The previous launch window was open until November 5th.  The launch was delayed November 1st for helium and nitrogen leaks, November 2nd for a circuit glitch, November 4th for weather, and November 5th for a gaseous hydrogen leak.  After the November 5th delay, crews discovered a  crack in the insulating foam, necessitating repairs before the launch.  These delays pushed the shuttle launch out of the available November launch window.  The next launch window is from December 1st through 5th, which gives the shuttle experts slightly less than a month to prepare for launch, or the mission may be delayed until next year.

Although not a lot of information has been released about the specific issues that have delayed the launches, we can put what we do know into a Cause Map.  A thorough root cause analysis built as a Cause Map can capture all of the causes in a simple, intuitive format that fits on one page.  Once more information is released about the specifics of the issues that delayed the launch, more detail can easily be added to the Cause Map to capture all the causes for the delay.  Additionally, the timeline can be updated to reflect the date of the eventual launch.

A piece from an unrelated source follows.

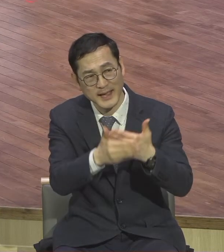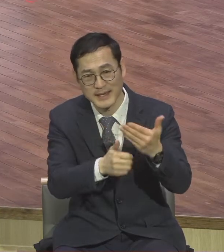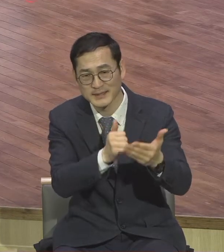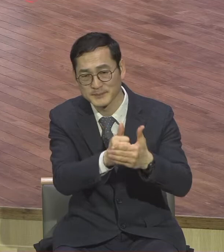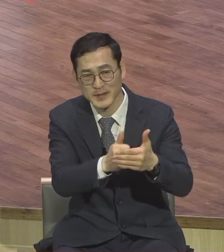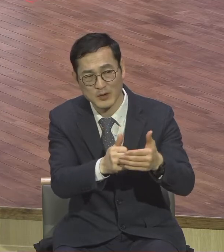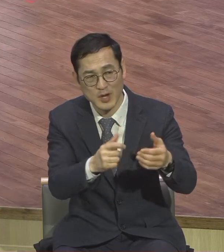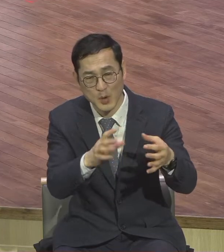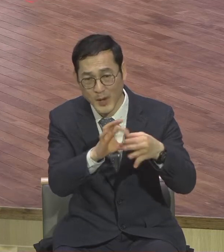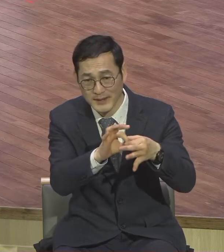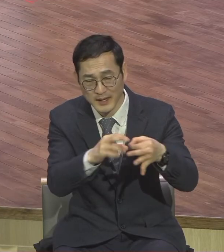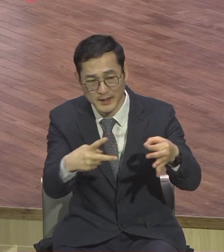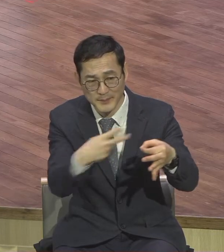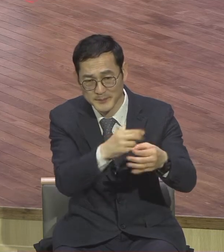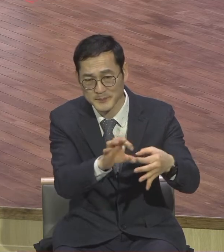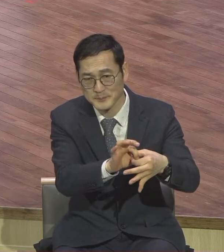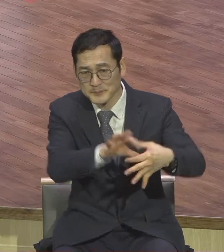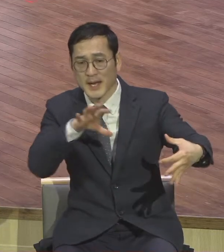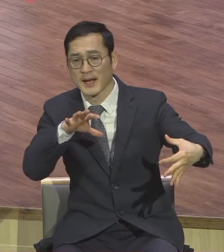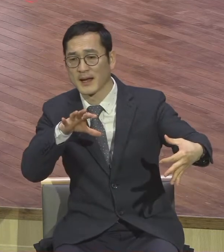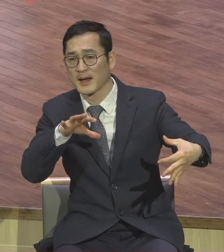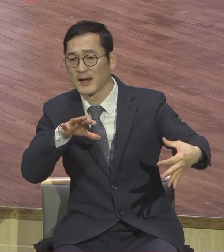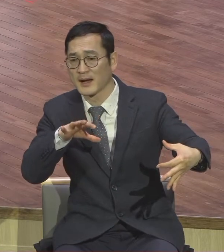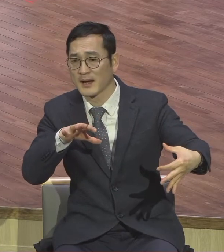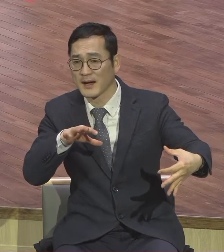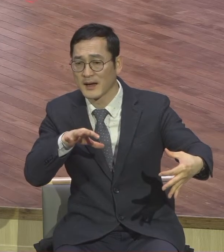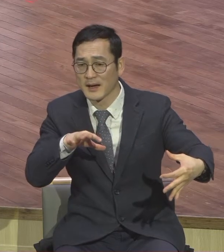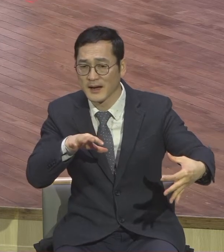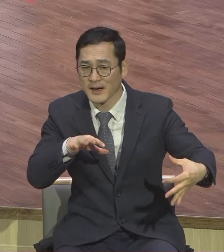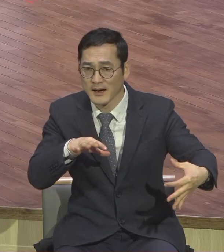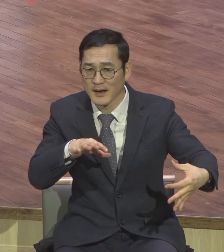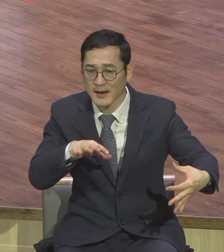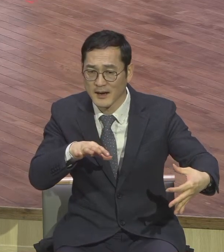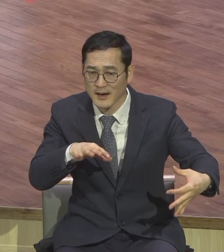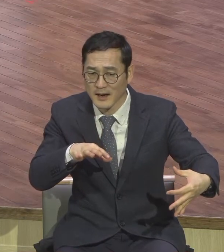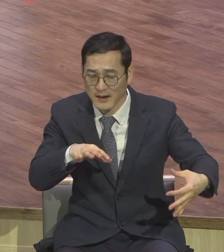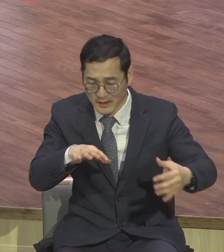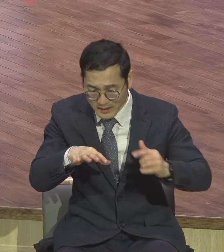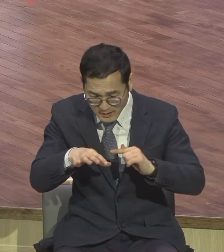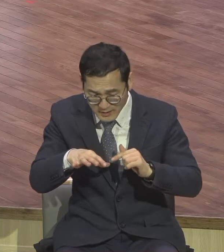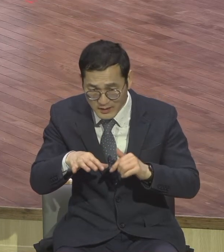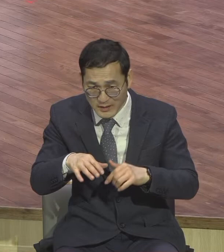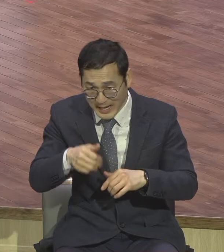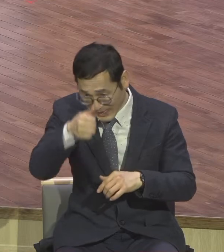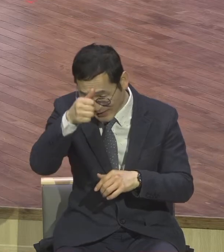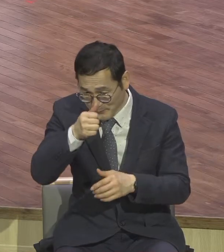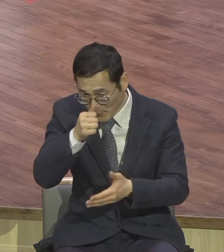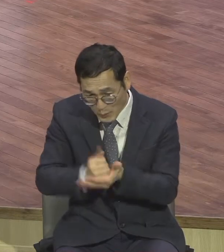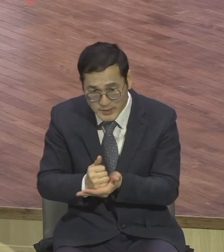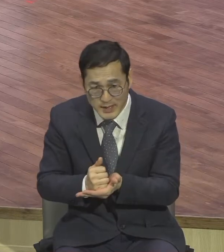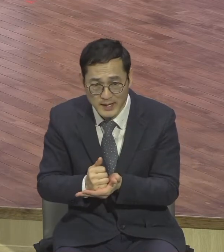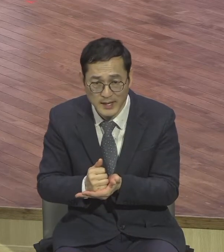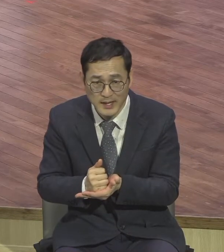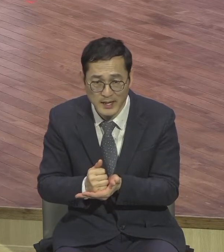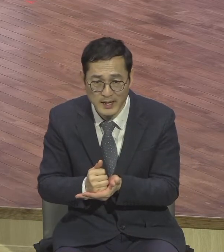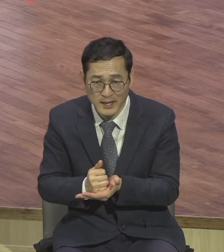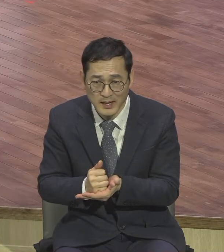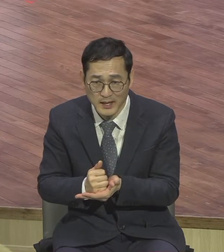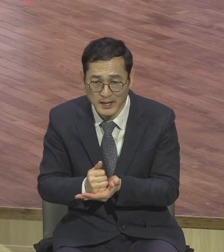짤렀어요 이어서 하나님 앞에 뭐요 범죄한 인간에게 제일 인간에게 뭐가 사면 사람과의 관계가 털어져 버려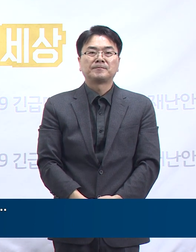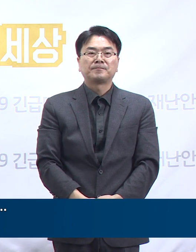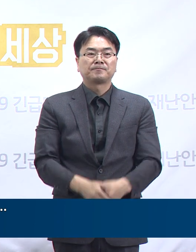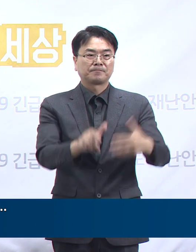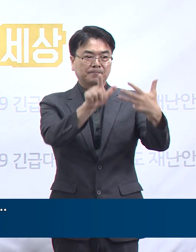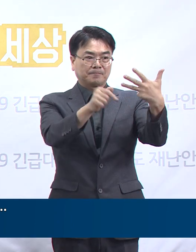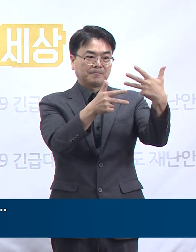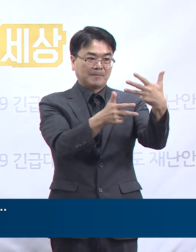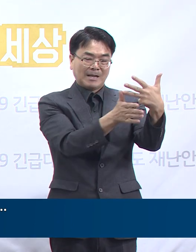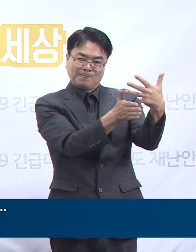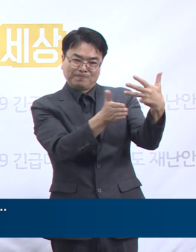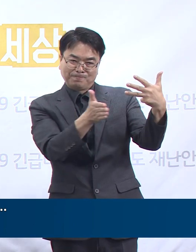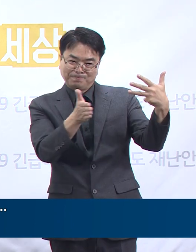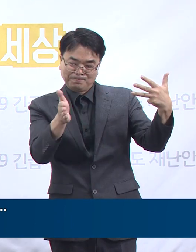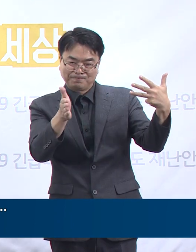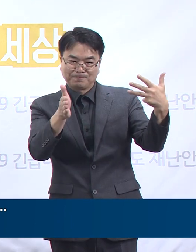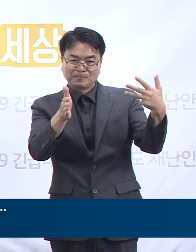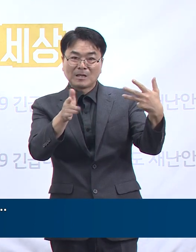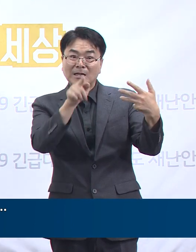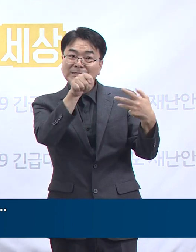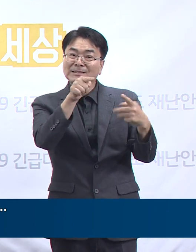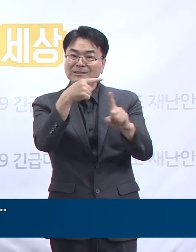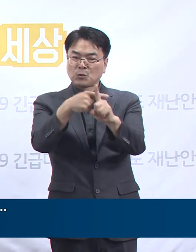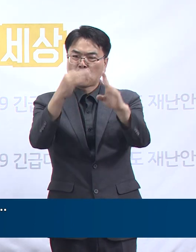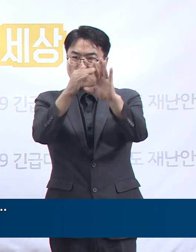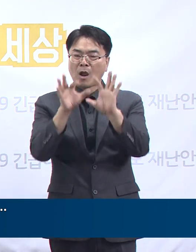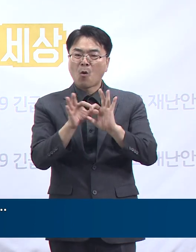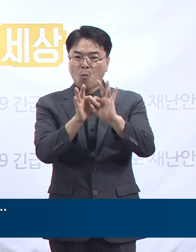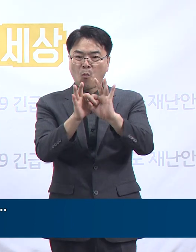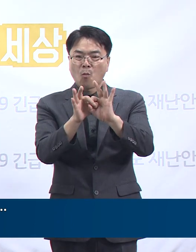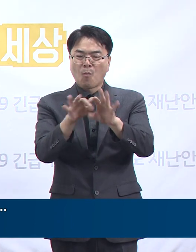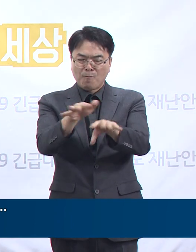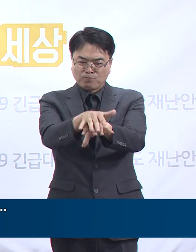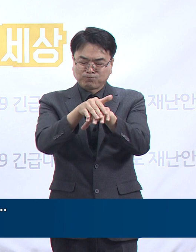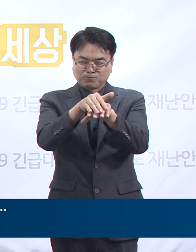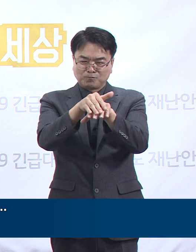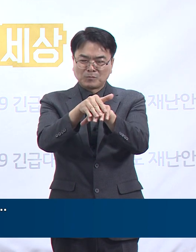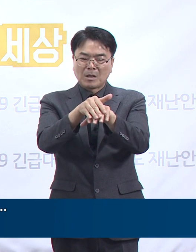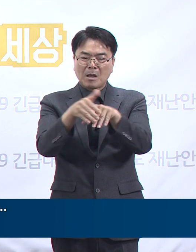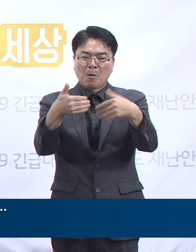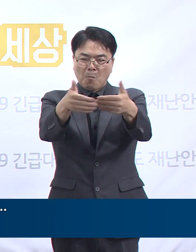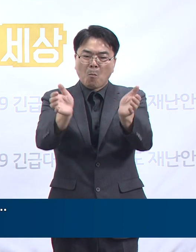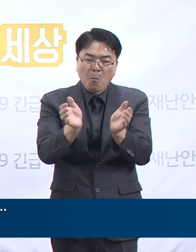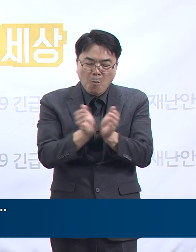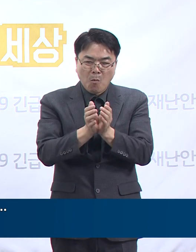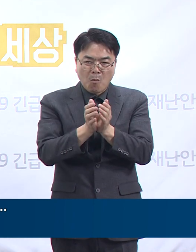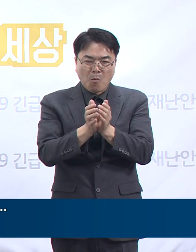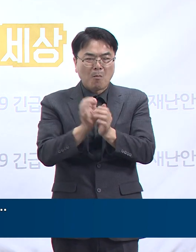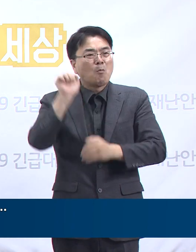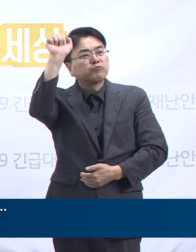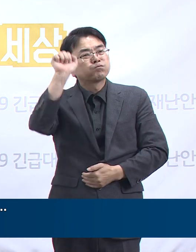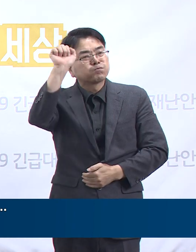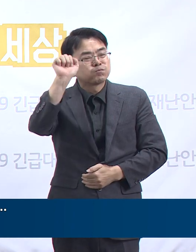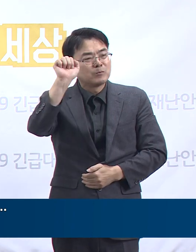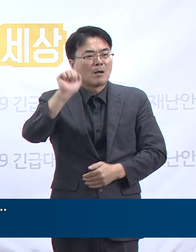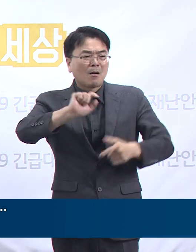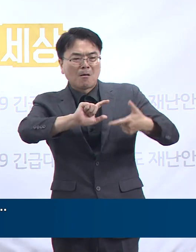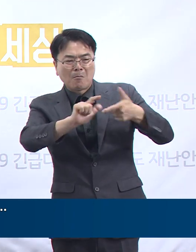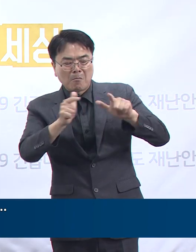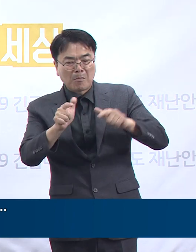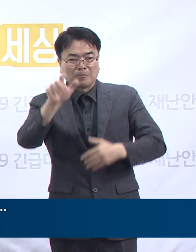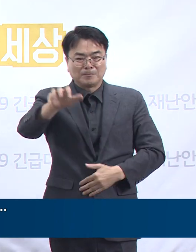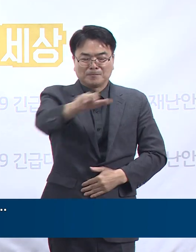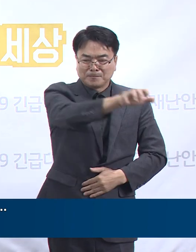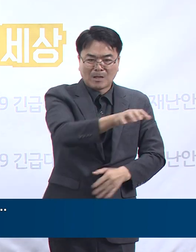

To view the problem outline, Cause Map, and launch timeline, please click on “Download PDF” above.

How a Shuttle is Launched

By ThinkReliability Staff

The Space Shuttle Discovery is expected to be launched November 4th, assuming all goes well.  But what does “all going well” entail?  Some things are obvious and well-known, such as the need to ensure that the weather is acceptable for launch.  However, with an operation as complex and risky as launching a shuttle, there are a lot of steps to make sure that the launch goes off smoothly.

To show the steps involved in shuttle launch preparation, we can prepare a Process Map.  Although a Process Map looks like a Cause Map, its purpose is to show the steps that must be accomplished, in order, for successful completion of a process.  We can begin a Process Map with only one box, the process that we’ll be detailing.  Here, it’s the “Launch Preparation Process”.  We break up the process into more detailed steps in order to provide more useful information about a process.  Here the information used was from Wired Magazine and NASA’s Launch Blog (where they’ll be providing up-to-date details as the launch process begins).

Here we break down the Shuttle Launch Process into 9 steps, though we could continue to add more detail until  we had hundreds of steps.  Some of the steps have been added (or updated) based on issues with previous missions.  For example, on Apollo I, oxygen on board caught fire during a test and killed the crew.  Now one of the first steps is an oxygen purge, where oxygen in the payload bay and aft compartments is replaced with nitrogen.  On Challenger, concerns about equipment integrity in extremely cold weather were not brought to higher ups.  Now there’s a Launch Readiness Check, where more than 20 representatives of contractor organizations and departments within NASA are asked to verify their readiness for launch.  This allows all contributors to have a say regarding the launch.  One of the last steps is the weather check we mentioned above.

Similar to the Launch Readiness Check, we can add additional detail to the Launch Status Check.  This step can be further broken down to show the checks of systems and positions that must be completed before the Launch Status step can be considered complete.  Each step within each Process Map shown here can be broken down into even more detail, depending on the complexity of the process and the need for a detailed Process Map.  In the case of an extremely complex process such as this one, there may be several versions of the Process Map, such as an overview of the entire process (like we’ve shown here) and a detailed version for each step of the Process to be provided to the personnel who are performing and overseeing that portion of the process.  As you can see a lot of planning and checking goes into the launch preparations!